Any advice would be greatly appreciated ;)
 
So, it appears that you had a few BSOD crashes in the past, here's latest which is a month old now.

Rich (BB code):
22: kd> knL
 # Child-SP          RetAddr           Call Site
00 ffff8681`2e089d88 fffff802`d4439507 nt!KeBugCheckEx
01 ffff8681`2e089d90 fffff802`d4436778 nt!KeAccumulateTicks+0x407
02 ffff8681`2e089df0 fffff802`d4c264e5 nt!KeClockInterruptNotify+0xb8
03 ffff8681`2e089f40 fffff802`d44b13f6 hal!HalpTimerClockIpiRoutine+0x15
04 ffff8681`2e089f70 fffff802`d4564ada nt!KiCallInterruptServiceRoutine+0x106
05 ffff8681`2e089fb0 fffff802`d4564fc7 nt!KiInterruptSubDispatchNoLockNoEtw+0xea
06 ffff8681`2e081d50 fffff802`d441a314 nt!KiInterruptDispatchNoLockNoEtw+0x37
07 ffff8681`2e081ee0 fffff802`d441a2c4 nt!KxWaitForLockOwnerShip+0x34
08 ffff8681`2e081f10 fffff801`ec5272b4 nt!KeAcquireInStackQueuedSpinLock+0x44 << Implictly raises the IRQL Level to 2
09 ffff8681`2e081f40 00000000`00000001 sbwfw+0x72b4 << Our issue
0a ffff8681`2e081f48 00000000`0000dd86 0x1
0b ffff8681`2e081f50 ffff8681`2e082190 0xdd86
0c ffff8681`2e081f58 fffff801`ec535750 0xffff8681`2e082190
0d ffff8681`2e081f60 ffff8681`2e082190 sbwfw+0x15750
0e ffff8681`2e081f68 fffff801`ec5250af 0xffff8681`2e082190
0f ffff8681`2e081f70 ffffb181`3910bcac sbwfw+0x50af
10 ffff8681`2e081f78 00000000`001f419a 0xffffb181`3910bcac
11 ffff8681`2e081f80 ffff8681`2e082190 0x1f419a
12 ffff8681`2e081f88 ffffa98d`24a2aee0 0xffff8681`2e082190
13 ffff8681`2e081f90 fffff801`ec5666c8 0xffffa98d`24a2aee0
14 ffff8681`2e081f98 fffff801`ec527741 sbwfw+0x466c8
15 ffff8681`2e081fa0 00000000`00000001 sbwfw+0x7741
16 ffff8681`2e081fa8 ffff8681`2e082068 0x1
17 ffff8681`2e081fb0 ffff8681`2e18d350 0xffff8681`2e082068
18 ffff8681`2e081fb8 fffff801`ec566dd9 0xffff8681`2e18d350
19 ffff8681`2e081fc0 00000000`00000002 sbwfw+0x46dd9
1a ffff8681`2e081fc8 fffff801`ec5666d8 0x2
1b ffff8681`2e081fd0 ffffa98d`050f0230 sbwfw+0x466d8
1c ffff8681`2e081fd8 ffffa98d`06d9bd01 0xffffa98d`050f0230
1d ffff8681`2e081fe0 00000000`00000001 0xffffa98d`06d9bd01
1e ffff8681`2e081fe8 ffffa98d`06ffd7a0 0x1
1f ffff8681`2e081ff0 00000000`00000001 0xffffa98d`06ffd7a0
20 ffff8681`2e081ff8 fffff801`ec5279b4 0x1
21 ffff8681`2e082000 00000000`00000000 sbwfw+0x79b4

Rich (BB code):
22: kd> lmvm sbwfw
Browse full module list
start             end                 module name
fffff801`ec520000 fffff801`ec578000   sbwfw    T (no symbols)           
    Loaded symbol image file: sbwfw.sys
    Image path: \SystemRoot\system32\DRIVERS\sbwfw.sys
    Image name: sbwfw.sys
    Browse all global symbols  functions  data
    Timestamp:        Thu Apr 23 18:38:32 2020 (5EA1D298)
    CheckSum:         0005E67F
    ImageSize:        00058000
    Translations:     0000.04b0 0000.04e4 0409.04b0 0409.04e4
    Information from resource tables:

It appears that your ThreatTrack Firewall driver is causing some issues here.
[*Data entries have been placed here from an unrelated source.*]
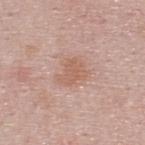Clinical impression: Imaged during a routine full-body skin examination; the lesion was not biopsied and no histopathology is available. Clinical summary: Cropped from a whole-body photographic skin survey; the tile spans about 15 mm. The lesion is located on the upper back. A male patient about 25 years old.
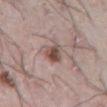Q: Was a biopsy performed?
A: imaged on a skin check; not biopsied
Q: Automated lesion metrics?
A: a lesion area of about 5.5 mm² and an eccentricity of roughly 0.6; an average lesion color of about L≈50 a*≈18 b*≈22 (CIELAB); border irregularity of about 2 on a 0–10 scale and radial color variation of about 2; a nevus-likeness score of about 85/100 and a detector confidence of about 100 out of 100 that the crop contains a lesion
Q: What is the anatomic site?
A: the abdomen
Q: What kind of image is this?
A: total-body-photography crop, ~15 mm field of view
Q: How large is the lesion?
A: ≈3 mm
Q: What lighting was used for the tile?
A: white-light illumination
Q: Patient demographics?
A: male, about 75 years old
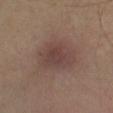Recorded during total-body skin imaging; not selected for excision or biopsy. A region of skin cropped from a whole-body photographic capture, roughly 15 mm wide. Measured at roughly 5 mm in maximum diameter. A patient aged 53–57. On the right lower leg. Automated tile analysis of the lesion measured an eccentricity of roughly 0.75 and two-axis asymmetry of about 0.2. And it measured a border-irregularity rating of about 2/10, a color-variation rating of about 2.5/10, and radial color variation of about 1. And it measured a detector confidence of about 100 out of 100 that the crop contains a lesion.
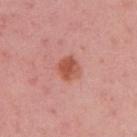Findings:
- workup: no biopsy performed (imaged during a skin exam)
- automated lesion analysis: a border-irregularity rating of about 2/10, internal color variation of about 3.5 on a 0–10 scale, and peripheral color asymmetry of about 1
- tile lighting: white-light illumination
- image: total-body-photography crop, ~15 mm field of view
- subject: female, aged 33–37
- location: the right upper arm
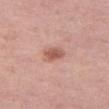Assessment:
The lesion was photographed on a routine skin check and not biopsied; there is no pathology result.
Image and clinical context:
A female subject, in their mid- to late 40s. From the left thigh. Cropped from a whole-body photographic skin survey; the tile spans about 15 mm. This is a white-light tile. Longest diameter approximately 3 mm. The lesion-visualizer software estimated a mean CIELAB color near L≈57 a*≈25 b*≈27, roughly 11 lightness units darker than nearby skin, and a normalized lesion–skin contrast near 7.5. It also reported border irregularity of about 1.5 on a 0–10 scale and a peripheral color-asymmetry measure near 1.
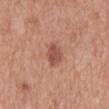Imaged during a routine full-body skin examination; the lesion was not biopsied and no histopathology is available. A close-up tile cropped from a whole-body skin photograph, about 15 mm across. The subject is a male aged approximately 70. Captured under white-light illumination. The lesion is located on the mid back. The lesion's longest dimension is about 3.5 mm.

I would suggest checking if there is an updated version for the program or alternatively opening a support ticket with them, if you're unable to remove the software from the server.
 
It shows no health issues with the hardware;)
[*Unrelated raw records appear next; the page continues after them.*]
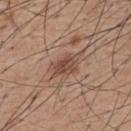workup: imaged on a skin check; not biopsied
size: ≈4.5 mm
illumination: white-light illumination
site: the upper back
TBP lesion metrics: an area of roughly 9 mm², an eccentricity of roughly 0.8, and a shape-asymmetry score of about 0.3 (0 = symmetric); a detector confidence of about 100 out of 100 that the crop contains a lesion
image: 15 mm crop, total-body photography
patient: male, roughly 55 years of age
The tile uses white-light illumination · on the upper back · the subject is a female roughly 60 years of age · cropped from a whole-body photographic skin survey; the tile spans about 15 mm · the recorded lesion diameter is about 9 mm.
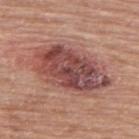Q: What is the histopathologic diagnosis?
A: an invasive melanoma, superficial spreading type; Breslow depth 0.8 mm, mitotic rate 1/mm² — a malignancy
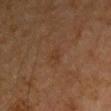site — the right upper arm | tile lighting — cross-polarized illumination | TBP lesion metrics — an area of roughly 3 mm², an eccentricity of roughly 0.75, and a symmetry-axis asymmetry near 0.4; an average lesion color of about L≈33 a*≈17 b*≈28 (CIELAB) and a lesion-to-skin contrast of about 4.5 (normalized; higher = more distinct); internal color variation of about 1.5 on a 0–10 scale and peripheral color asymmetry of about 0.5 | lesion size — about 2.5 mm | patient — male, aged approximately 60 | imaging modality — ~15 mm crop, total-body skin-cancer survey.
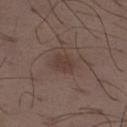Findings:
– follow-up: catalogued during a skin exam; not biopsied
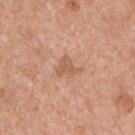Impression:
The lesion was photographed on a routine skin check and not biopsied; there is no pathology result.
Clinical summary:
Imaged with white-light lighting. Cropped from a whole-body photographic skin survey; the tile spans about 15 mm. The recorded lesion diameter is about 3 mm. Automated image analysis of the tile measured a mean CIELAB color near L≈58 a*≈22 b*≈33 and about 8 CIELAB-L* units darker than the surrounding skin. The analysis additionally found a border-irregularity rating of about 5.5/10 and radial color variation of about 0.5. The lesion is on the front of the torso. The subject is a male about 55 years old.
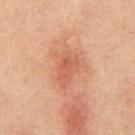Impression:
No biopsy was performed on this lesion — it was imaged during a full skin examination and was not determined to be concerning.
Acquisition and patient details:
This image is a 15 mm lesion crop taken from a total-body photograph. The patient is a male in their mid- to late 60s. From the mid back.
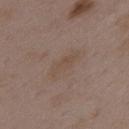Imaged during a routine full-body skin examination; the lesion was not biopsied and no histopathology is available. Captured under white-light illumination. Located on the upper back. The total-body-photography lesion software estimated a footprint of about 5 mm² and a symmetry-axis asymmetry near 0.35. And it measured a lesion color around L≈48 a*≈14 b*≈25 in CIELAB, a lesion–skin lightness drop of about 5, and a normalized border contrast of about 5. Cropped from a total-body skin-imaging series; the visible field is about 15 mm. Approximately 4 mm at its widest. A female patient, aged approximately 35.
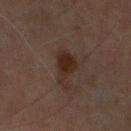A male subject roughly 70 years of age.
Longest diameter approximately 4 mm.
Cropped from a whole-body photographic skin survey; the tile spans about 15 mm.
From the leg.
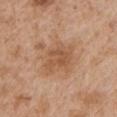Impression:
Recorded during total-body skin imaging; not selected for excision or biopsy.
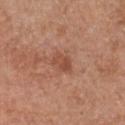* notes — catalogued during a skin exam; not biopsied
* subject — female, aged approximately 50
* lesion size — ≈3 mm
* imaging modality — 15 mm crop, total-body photography
* body site — the chest
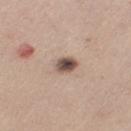notes: total-body-photography surveillance lesion; no biopsy | illumination: white-light illumination | image source: 15 mm crop, total-body photography | site: the left thigh | lesion diameter: about 2.5 mm | subject: female, aged approximately 45 | image-analysis metrics: a footprint of about 4.5 mm² and a symmetry-axis asymmetry near 0.2; about 17 CIELAB-L* units darker than the surrounding skin and a normalized border contrast of about 12.
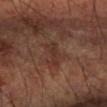Assessment: Part of a total-body skin-imaging series; this lesion was reviewed on a skin check and was not flagged for biopsy. Image and clinical context: Approximately 4 mm at its widest. A male subject, aged 58–62. The total-body-photography lesion software estimated an average lesion color of about L≈31 a*≈19 b*≈23 (CIELAB), a lesion–skin lightness drop of about 6, and a normalized border contrast of about 6. And it measured a color-variation rating of about 1.5/10. A 15 mm close-up tile from a total-body photography series done for melanoma screening. This is a cross-polarized tile. On the right forearm.

This is preventative maintenance: (WHEA corrected hardware errors 01/14 and 04/14)


The logs reported WHEA corrected hardware errors: Memory Single-Bit ECC




The computer has 12 RAM modules that are 16 GB each.

These are matching modules that are ECC.

There should be no ECC errors.


See if you can swap test RAM as there would be significant downtime to test 4 modules at a time.


ECC memory - Wikipedia





Code:
Event[11933]:
  Log Name: System
  Source: Microsoft-Windows-WHEA-Logger
  Date: 2021-04-14T00:48:33.420
  Event ID: 23
  Task: N/A
  Level: Warning
  Opcode: Info
  Keyword: N/A
  User: S-1-5-19
  User Name: NT AUTHORITY\LOCAL SERVICE
  Computer: AbertayVM2
  Description:
A corrected hardware error has occurred.

Component: Memory
Error Source: Generic
Error Type: Single-Bit ECC

The details view of this entry contains further information.


Event[29174]:
  Log Name: System
  Source: Microsoft-Windows-WHEA-Logger
  Date: 2021-01-14T16:01:22.763
  Event ID: 23
  Task: N/A
  Level: Warning
  Opcode: Info
  Keyword: N/A
  User: S-1-5-19
  User Name: NT AUTHORITY\LOCAL SERVICE
  Computer: AbertayVM2
  Description:
A corrected hardware error has occurred.

Component: Memory
Error Source: Generic
Error Type: Single-Bit ECC

The details view of this entry contains further information.
 
Thank you my friend, I will arrange to remove Vipre from the Hyper-V server tonight, I will update on how it goes.

@zbook - I'll replace Vipre first as that's a much easier operation to deal with, thanks.
 
Just a quick bit of info that might help....
"The previous system shutdown at 11:34:49 on ‎07/‎06/‎2021 was unexpected."
 
Nothing, no - that's what made it look all a bit strange due to the lack of the info in event viewer, iDRAC and UPS (APC)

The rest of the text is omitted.